**WHAT YOU HAVE TO DO**
Please give the lines below again exactly as they stand, from the one that contains "An aerial image. It shows: Gate." up to and including the one that contains "Nodule present: no", leaving all pictures out.

**DATA PROVIDED**

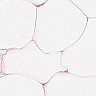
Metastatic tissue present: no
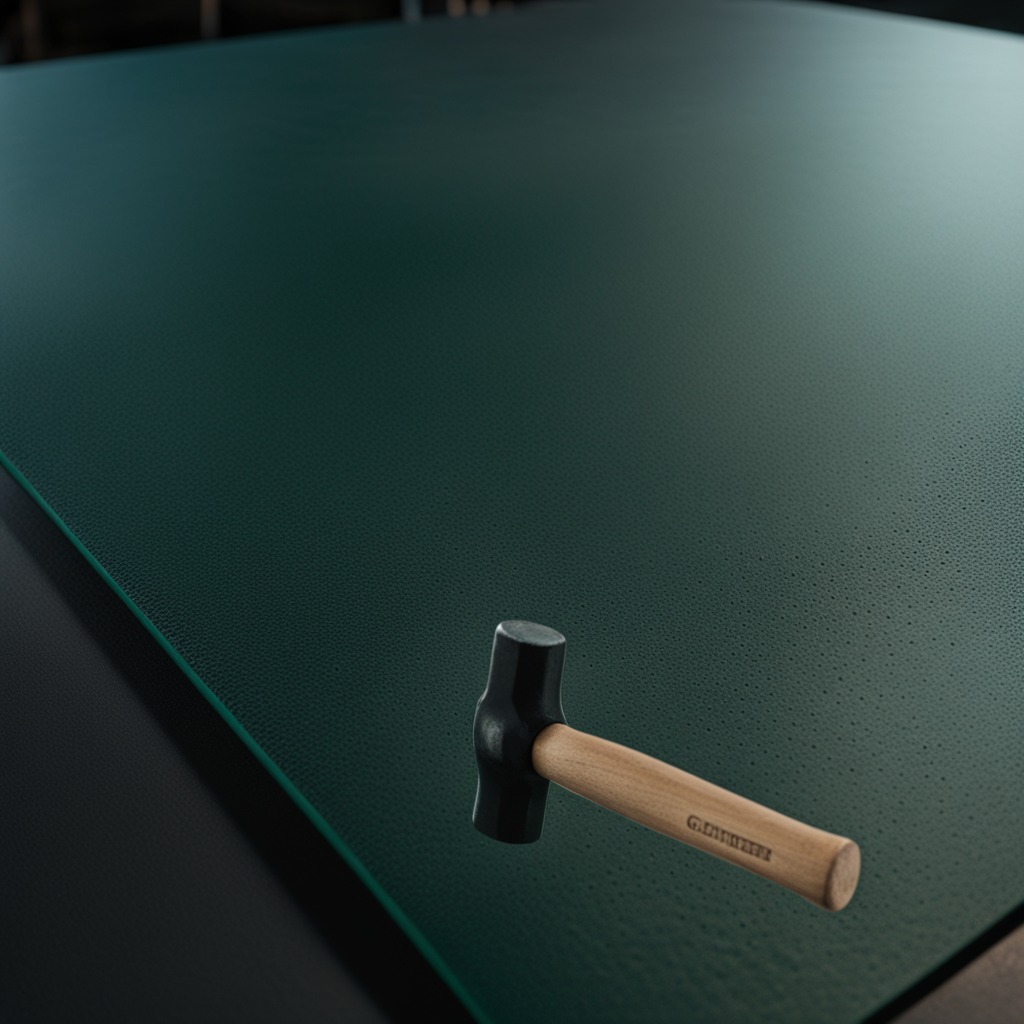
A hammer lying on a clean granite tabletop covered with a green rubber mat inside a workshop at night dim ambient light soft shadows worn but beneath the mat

--

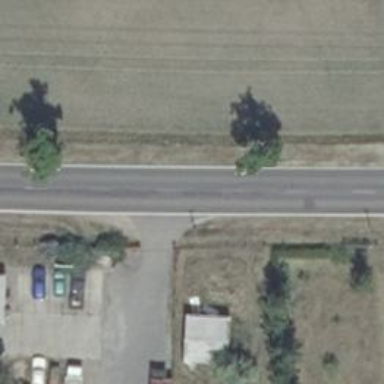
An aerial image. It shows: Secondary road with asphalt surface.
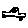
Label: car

==

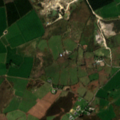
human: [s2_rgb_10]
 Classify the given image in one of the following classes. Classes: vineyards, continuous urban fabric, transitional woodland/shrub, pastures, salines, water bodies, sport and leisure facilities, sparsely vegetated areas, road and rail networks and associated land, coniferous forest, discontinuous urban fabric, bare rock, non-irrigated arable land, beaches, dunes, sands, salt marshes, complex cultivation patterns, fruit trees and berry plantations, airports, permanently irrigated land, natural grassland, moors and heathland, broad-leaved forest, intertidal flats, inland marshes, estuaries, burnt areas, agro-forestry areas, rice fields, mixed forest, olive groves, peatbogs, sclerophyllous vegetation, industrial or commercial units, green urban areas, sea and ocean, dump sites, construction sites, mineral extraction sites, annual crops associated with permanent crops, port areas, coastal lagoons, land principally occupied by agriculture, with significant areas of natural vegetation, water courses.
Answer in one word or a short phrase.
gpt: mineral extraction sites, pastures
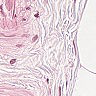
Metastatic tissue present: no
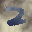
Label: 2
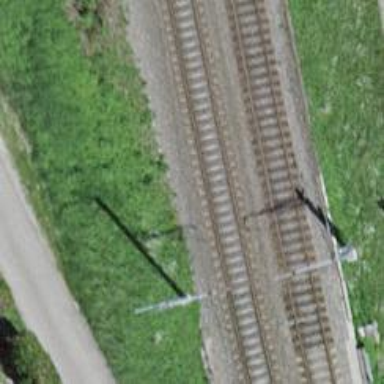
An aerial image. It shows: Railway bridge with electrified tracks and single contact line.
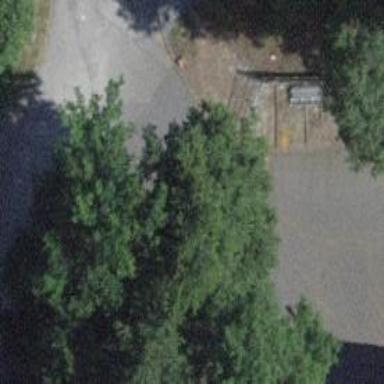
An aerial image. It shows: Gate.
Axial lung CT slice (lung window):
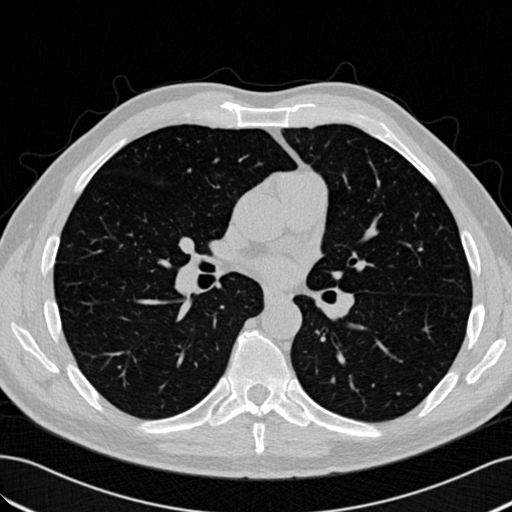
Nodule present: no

**RESPONSE AREA**
An aerial image. It shows: Gate.
Axial lung CT slice (lung window):
Nodule present: no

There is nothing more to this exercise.